◆ **About this exercise**
Reproduce word for word every line from the one containing "Question: What Dhivehi" through the end of the listing below; omit the pictures.

◆ **Raw data**
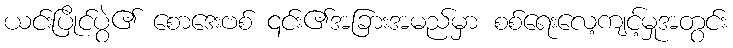
ယင်းပြိုင်ပွဲ၏ စောဒေးဗစ် ၎င်း၏အခြားအမည်မှာ စစ်ရေးလေ့ကျင့်မှုအတွင်း
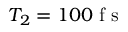
T _ { 2 } = 1 0 0 \mathrm { ~ f ~ s ~ }
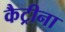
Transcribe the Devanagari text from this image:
कैट्रीना
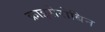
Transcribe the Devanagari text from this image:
क्राइसेरोबिन
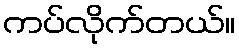
ကပ်လိုက်တယ်။
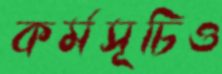
কর্মসূচিও
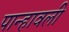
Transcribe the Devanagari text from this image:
पान्हावली
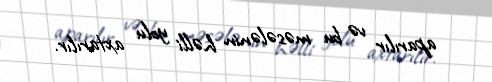
aparılır və bu məsələnin həlli yolu axtarılır.
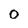
Character: 0
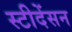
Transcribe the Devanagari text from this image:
स्टीदेंसन
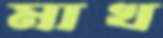
মাখ
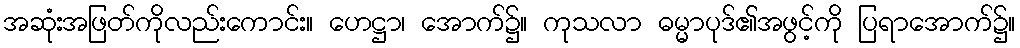
အဆုံးအဖြတ်ကိုလည်းကောင်း။ ဟေဋ္ဌာ၊ အောက်၌။ ကုသလာ ဓမ္မာပုဒ်၏အဖွင့်ကို ပြရာအောက်၌။
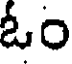
ఓం
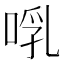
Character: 啂
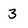
Character: 3
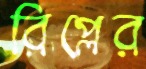
রিপ্লের
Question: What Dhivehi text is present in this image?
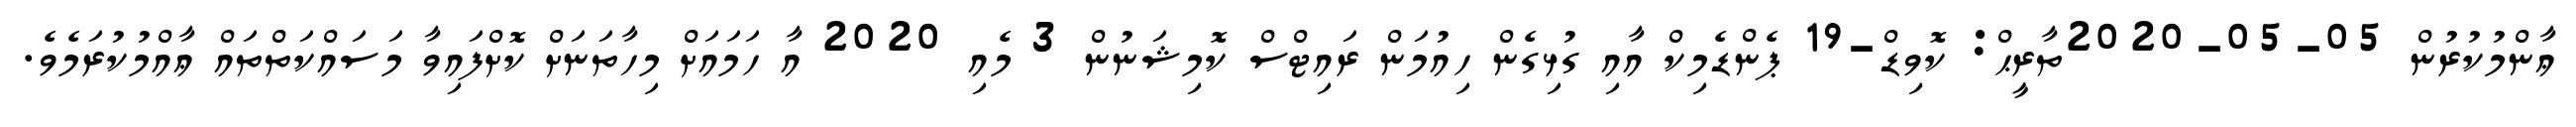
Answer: ޢާންމުކުރުން 05-05-2020ތާރީޙް: ކޮވިޑް-19 ޕެންޑެމިކް އާއި ގުޅިގެން ހިއުމަން ރައިޓްސް ކޮމިޝަނުން 3 މެއި 2020 އާ ހަމައަށް މިހާތަނަށް ކޮށްފައިވާ މަސައްކަތްތައް ޢާއްމުކުރަމެވެ.
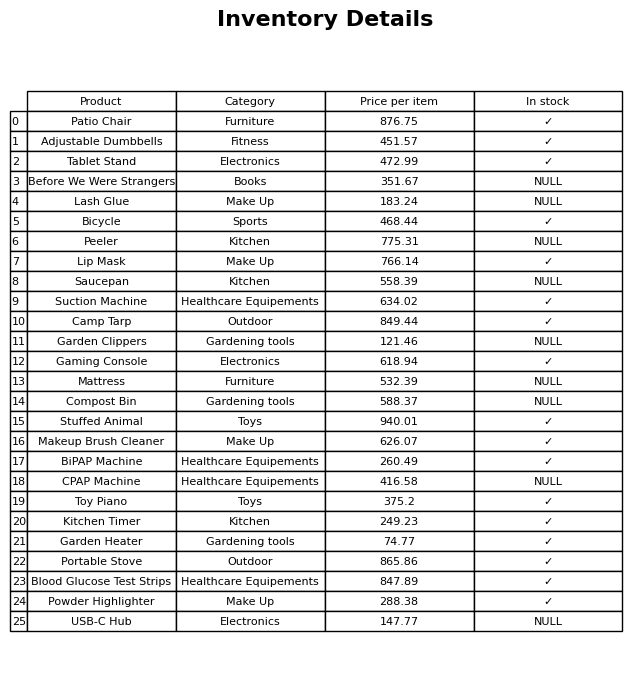
question: What is the price for Peeler?
answer: The price of Peeler is 775.31.
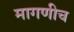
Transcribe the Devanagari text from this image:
मागणीच
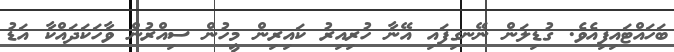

◆ **Solution to the exercise**
Question: What Dhivehi text is present in this image?
Answer: ޢާންމުކުރުން 05-05-2020ތާރީޙް: ކޮވިޑް-19 ޕެންޑެމިކް އާއި ގުޅިގެން ހިއުމަން ރައިޓްސް ކޮމިޝަނުން 3 މެއި 2020 އާ ހަމައަށް މިހާތަނަށް ކޮށްފައިވާ މަސައްކަތްތައް ޢާއްމުކުރަމެވެ.
question: What is the price for Peeler?
answer: The price of Peeler is 775.31.
Transcribe the Devanagari text from this image:
मागणीच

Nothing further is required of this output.